Usually when seeking in video playback, it seeks to the nearest I-frame around the seeking time. The reason behind this is if it seeks to the frame with exact seeking time, that frame may not be a I-frame. If it is not I-frame, media extractor still needs to find the I-frame before it and decode I-frame with the following P/B frames until reaching the seeking time. This may take some time and user expericen may not be good. The reason to pick up the largest size of I-frames is if the raw data of that frame is black or plain, the encoded size would be small. From my understanding of H.264, the more information it contains, the bigger size it has. So it is a pretty simple way to filter out some "bad" frames. For checking color histogram, it is also a better way. However, it may need to take some time to decode and analyze each I-frame. Not sure how to do it in a quick way.

cajbir (:cajbir)

Comment 6

•

11 years ago

(In reply to Blake Wu from comment #5) > If it is not > I-frame, media extractor still needs to find the I-frame before it and > decode I-frame with the following P/B frames until reaching the seeking > time. This may take some time and user expericen may not be good. This is what the HTML video element does. It seeks to the nearest key frame then decodes up to the requested seek frame. Implementing the faster, but less accurate, method of seeking to key frame only is bug 778077.

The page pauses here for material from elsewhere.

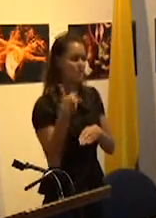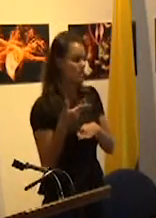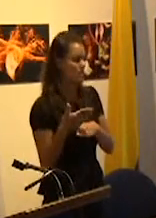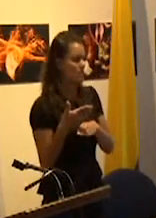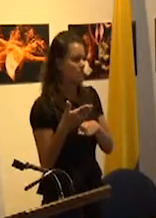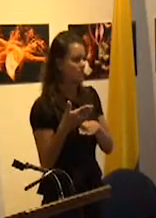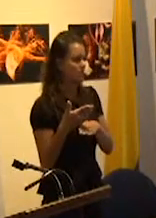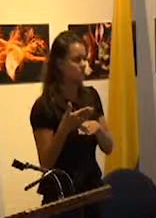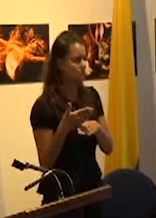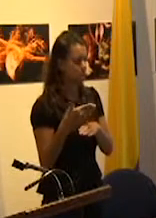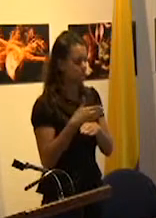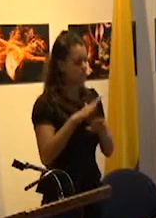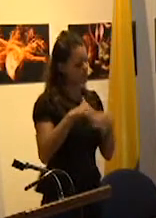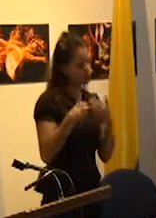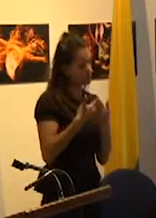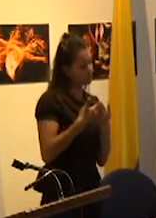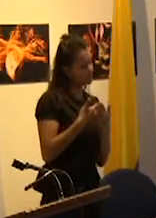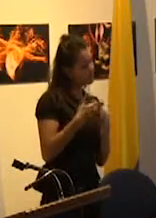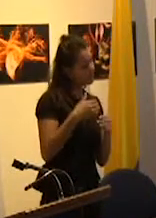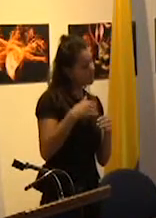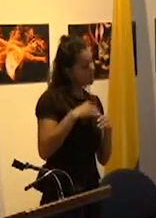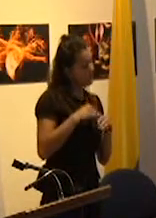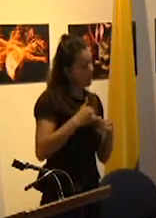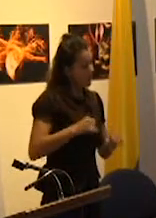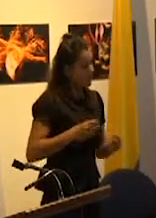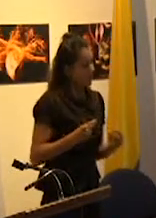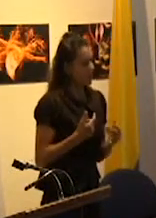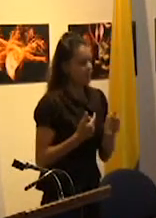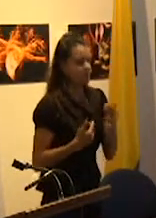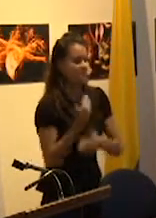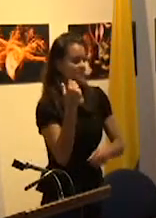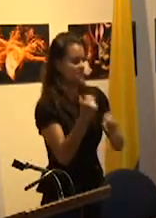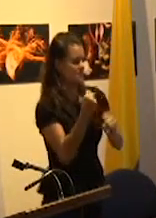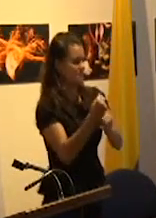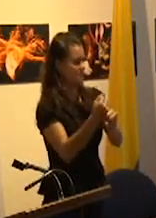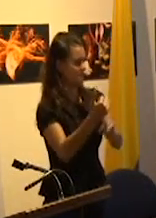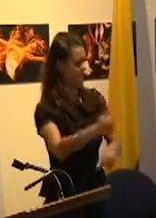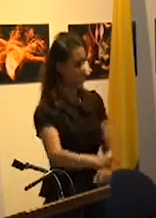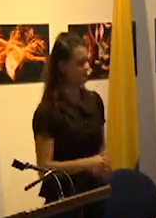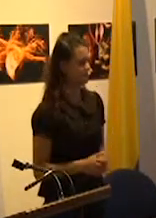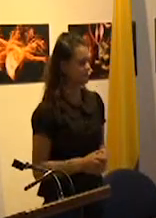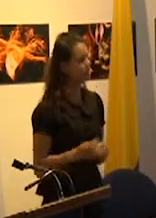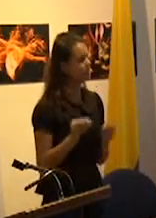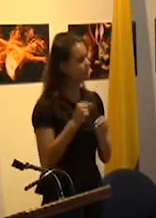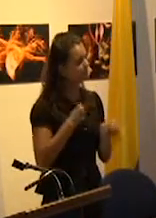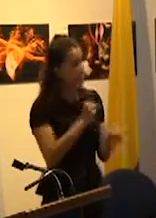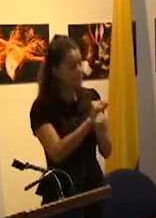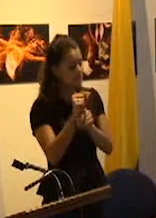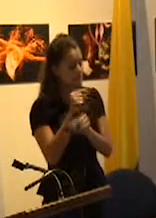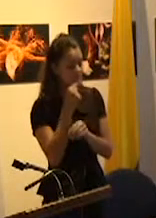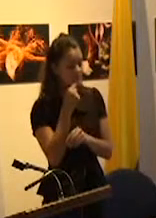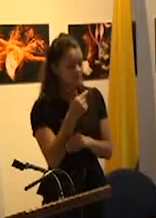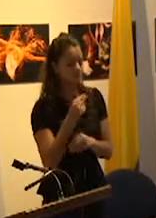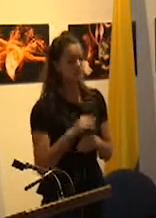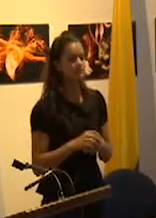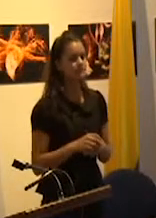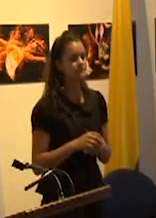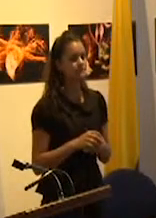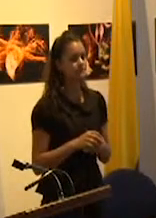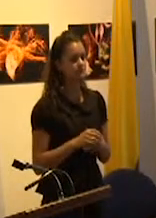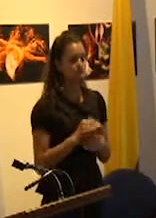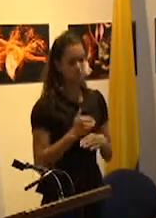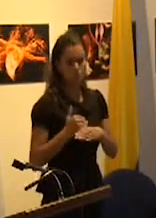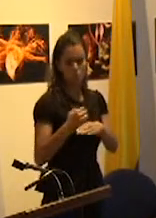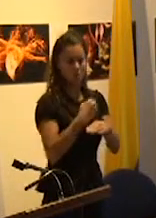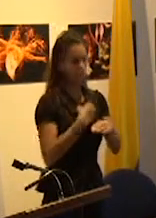al mercado laboral la crítica apunta a señalar que la igualdad de oportunidades de acceso conlleva
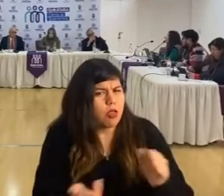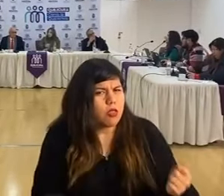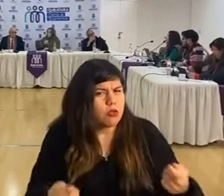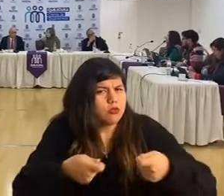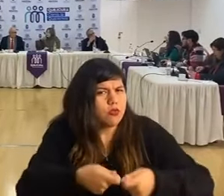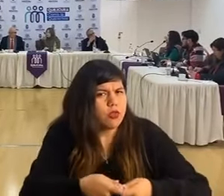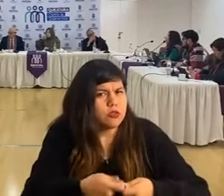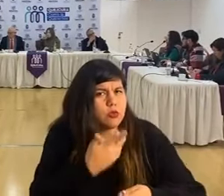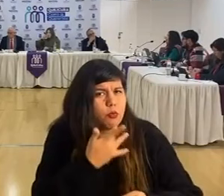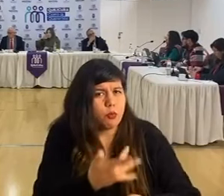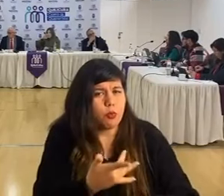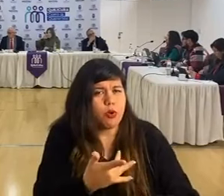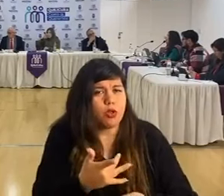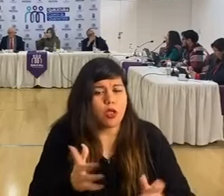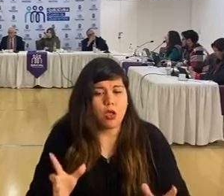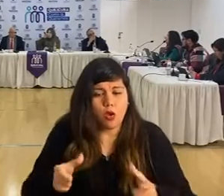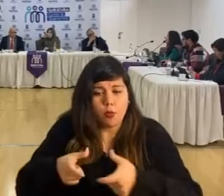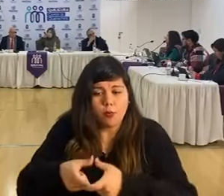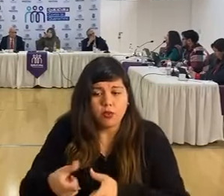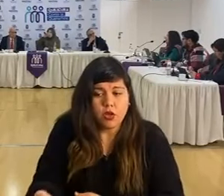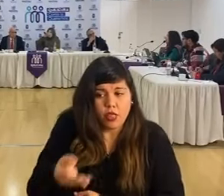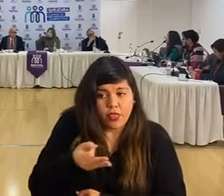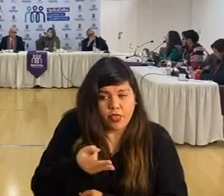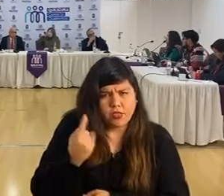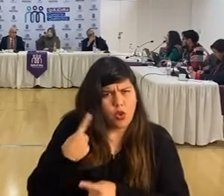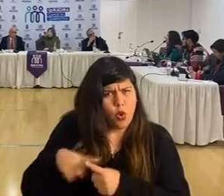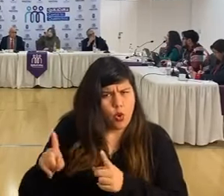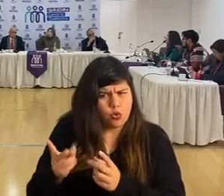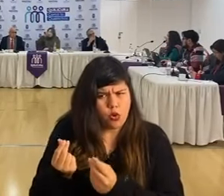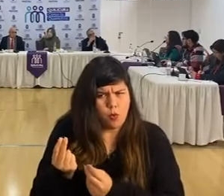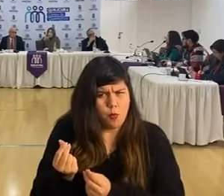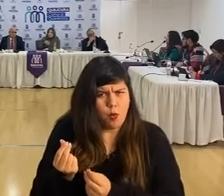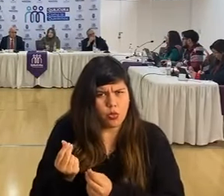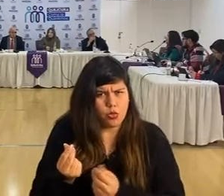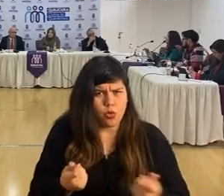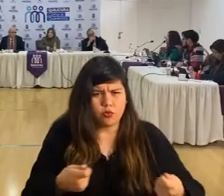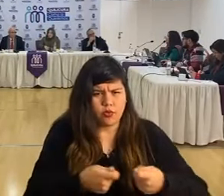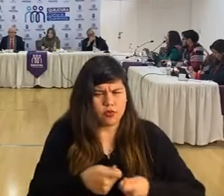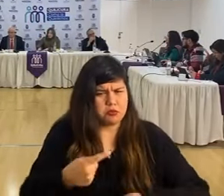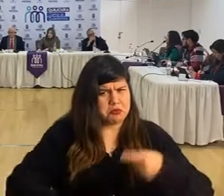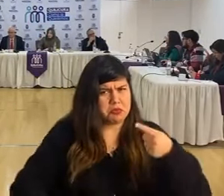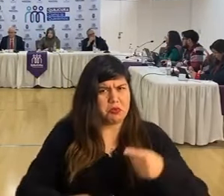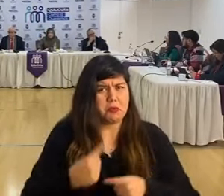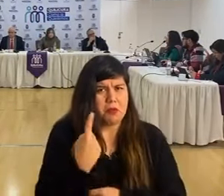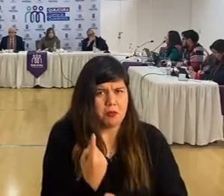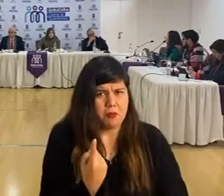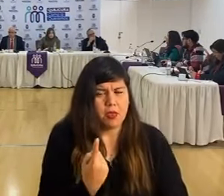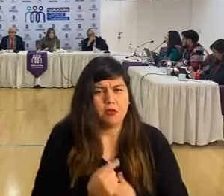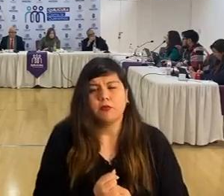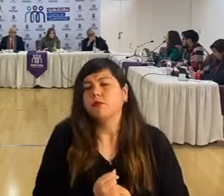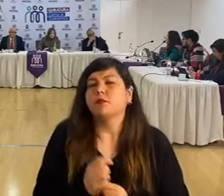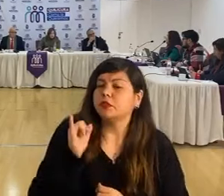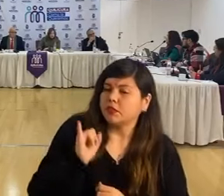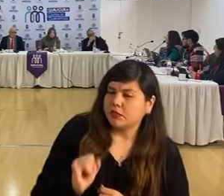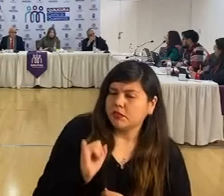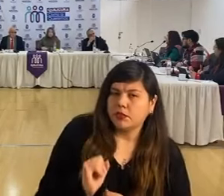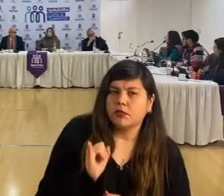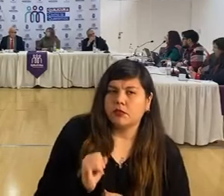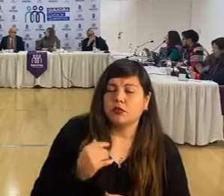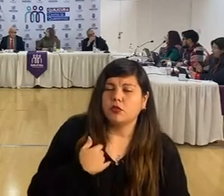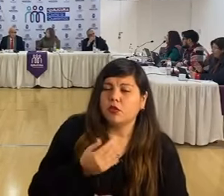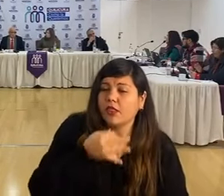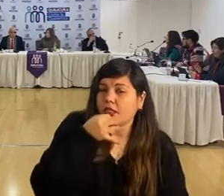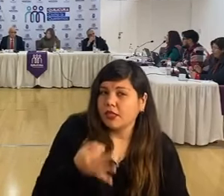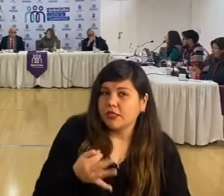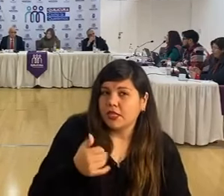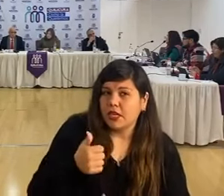por favor, porque en comisión se nos informó sobre otro monto de la subvención. Eso primeramente. Sí. Sí, le voy a pedir

John Hu [:johnhu][:johu][:醬糊小弟]

Comment 7

•

11 years ago

Wow! This's a pretty old bug. I never found that we are going to implement the fast seek. That may be very useful to deal this kind of . There is an extreme case for this kind of API. We may have a key frame per minute or more which causes the fast seek absolute out of sync. And I know that's the trade-off. I think Blake is trying to fix two things at one shot: 1. fast seek and 2. the significant thumbnail for this video. For the first one, that is exactly the bug 778077. For the second one, that 's largest key-frame. From the view of gaia, we don't have the API to do "fast seek". If we have, I feel that's good to use it to generate thumbnail. But I still wondering that what's the difference if we use hardware codec. That should be very fast and user may not be aware of the difference. That does provide a large improvement when we fallback to software codec. (In reply to Chris Double (:doublec) from comment #6) > This is what the HTML video element does. It seeks to the nearest key frame > then decodes up to the requested seek frame. Implementing the faster, but > less accurate, method of seeking to key frame only is bug 778077.

Sotaro Ikeda [:sotaro]

Comment 8

•

11 years ago

bug 873959 seems easy way to implement this. In android stagefright, mp4 file's thumbnail is determined biggest sample in 20 sync samples from front. SampleTable::findThumbnailSample() http://androidxref.com/4.4_r1/xref/frameworks/av/media/libstagefright/SampleTable.cpp#727

Sotaro Ikeda [:sotaro]

Comment 9

•

11 years ago

(In reply to Sotaro Ikeda [:sotaro] from comment #8) > bug 873959 seems easy way to implement this. In android stagefright, mp4 > file's thumbnail is determined biggest sample in 20 sync samples from front. > > SampleTable::findThumbnailSample() > http://androidxref.com/4.4_r1/xref/frameworks/av/media/libstagefright/ > SampleTable.cpp#727 Thumbnail time can be checked also by gaia side.

John Hu [:johnhu][:johu][:醬糊小弟]

Comment 10

•

11 years ago

Hi Sotaro, We don't have libstagefright in Gecko, see bug 778052. So, We can't have thumbnail time in metadata. We may only have it in ogg file format, since the landing of bug 763010.